Pinot 1.1 Multi-stage query OOMs and brings down all servers -- with all the default protections/params in place
We have a realtime table (6 partitions, 140gb), when querying the table with timeout of 3 minutes all servers (6 servers, each 24cores and ~100 gb allocated to pinot) OOM and hangs
Query:
with dups as (
select __global_counter,
__message_id,
__probe_id,
min(__record_timestamp) as min_record_timestamp,
max(__record_timestamp) as max_record_timestamp,
count(*) as cnt
from org_2dYiMRMfas142XRKQ3bJIqmN3V6_ethereum_erc20_balance_changes_block_b91edb0804c04c2d9851eb975b689f0f
group by __global_counter, __message_id, __probe_id
)
select
*
from dups
order by cnt desc
limit 10
Explain plan:
Execution Plan
LogicalSort(sort0=[$5], dir0=[DESC], offset=[0], fetch=[10])

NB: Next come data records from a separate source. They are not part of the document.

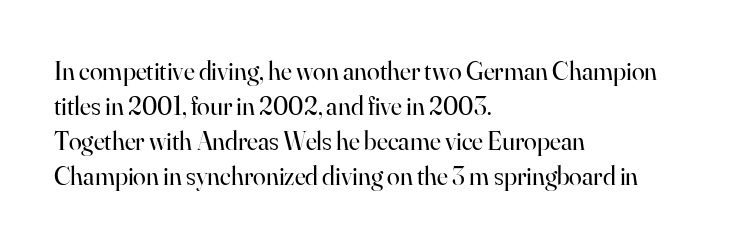
The strip under each line holds only bare page. Short note: letters normally spaced. The axis of the letterforms is exactly vertical. Line spacing here is normal. The rendering anchors every line to the left-hand side.
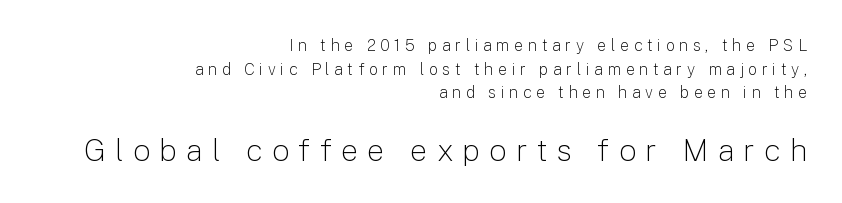
The image shows 31 px light sans-serif type, upright; set right-aligned, normal line spacing (1.48x), unusually wide letter spacing (+0.29 em), not underlined; the second (bottom) block is 1.94x larger; low stroke contrast and a medium x-height.
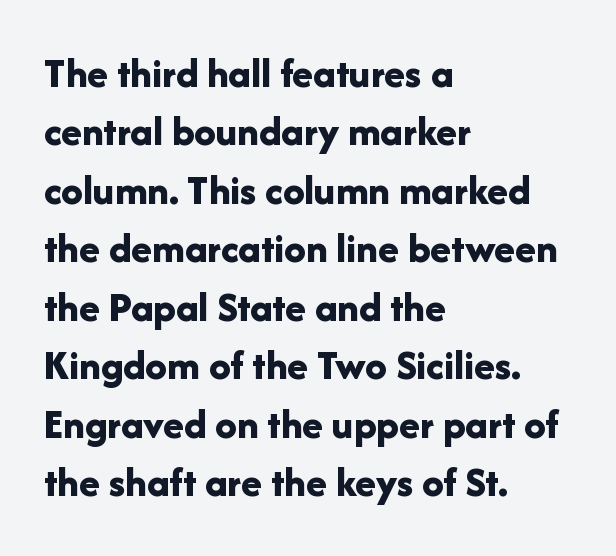
{"serif": "no", "italic": "no", "bold": "yes", "weight": "bold", "width": "normal", "stroke_contrast": "low", "x_height": "medium", "monospaced": "no", "underline": "no", "align": "left", "line_spacing": "normal", "line_spacing_ratio": 1.36, "letter_spacing": "normal", "letter_spacing_em": 0.0, "glyph_px": 43}
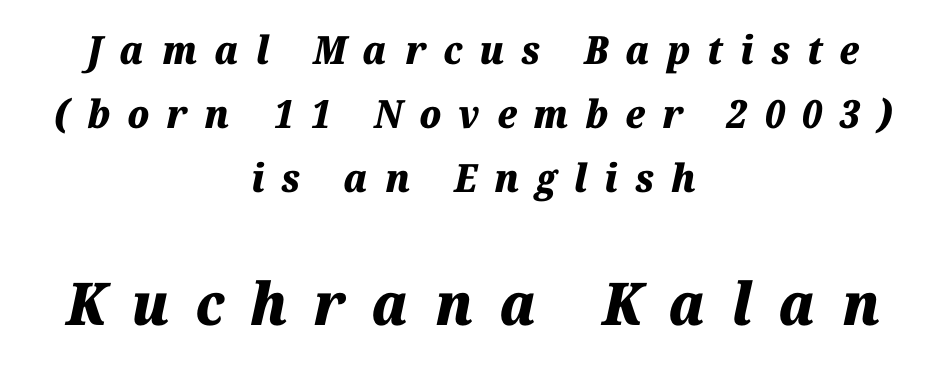
Set as a true bold cut, around the 700 mark. It's the slanting kind of type. The setting favours the middle, as headings and verse often do. In terms of letterspacing, this is a distinctly airy, spread setting.
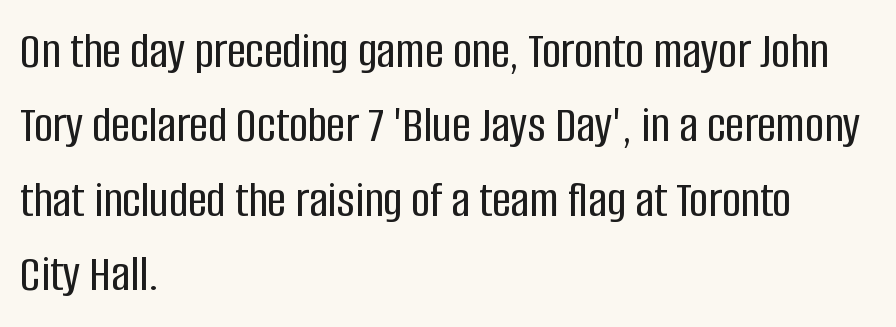
Q: Is the text italic (slanted)? A: No, it is upright.
Q: Is the typeface a serif or a sans-serif typeface? A: Sans-serif.
Q: Is the text underlined? A: No.
Q: How is the paragraph aligned? A: Left-aligned.
Q: Is the spacing between letters normal or unusually wide? A: Normal.
Q: Is the spacing between lines tight, normal or loose? A: Normal.
Q: Width (condensed, normal, or wide)? A: Condensed.
Q: Stroke contrast? A: Low.
Q: x-height? A: Large.
Q: Monospaced? A: No.
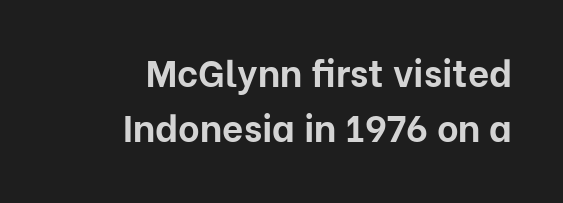
Q: Is the text bold? A: Yes.
Q: Is the text italic (slanted)? A: No, it is upright.
Q: Is the typeface a serif or a sans-serif typeface? A: Sans-serif.
Q: Is the text underlined? A: No.
Q: How is the paragraph aligned? A: Right-aligned.
Q: Is the spacing between letters normal or unusually wide? A: Normal.
Q: Is the spacing between lines tight, normal or loose? A: Normal.
Q: Width (condensed, normal, or wide)? A: Normal.
Q: Stroke contrast? A: Low.
Q: x-height? A: Medium.
Q: Monospaced? A: No.

PinotLogicalSortExchange(distribution=[hash], collation=[[5 DESC]], isSortOnSender=[false], isSortOnReceiver=[true])
LogicalSort(sort0=[$5], dir0=[DESC], fetch=[10])
LogicalAggregate(group=[{0, 1, 2}], agg#0=[MIN($3)], agg#1=[MAX($4)], agg#2=[COUNT($5)])
PinotLogicalExchange(distribution=[hash[0, 1, 2]])
LogicalAggregate(group=[{3, 4, 5}], agg#0=[MIN($6)], agg#1=[MAX($6)], agg#2=[COUNT()])
LogicalTableScan(table=[[org_2dYiMRMfas142XRKQ3bJIqmN3V6_ethereum_erc20_balance_changes_block_b91edb0804c04c2d9851eb975b689f0f]])
We understand that such a query is perhaps not the best suited for Pinot but crashing all servers queried seems like a bug, especially as we haven't overridden any of the protections in place by the engine (besides timeout), we've reproduced it live for @mayankshriv and he suggested we open this issue.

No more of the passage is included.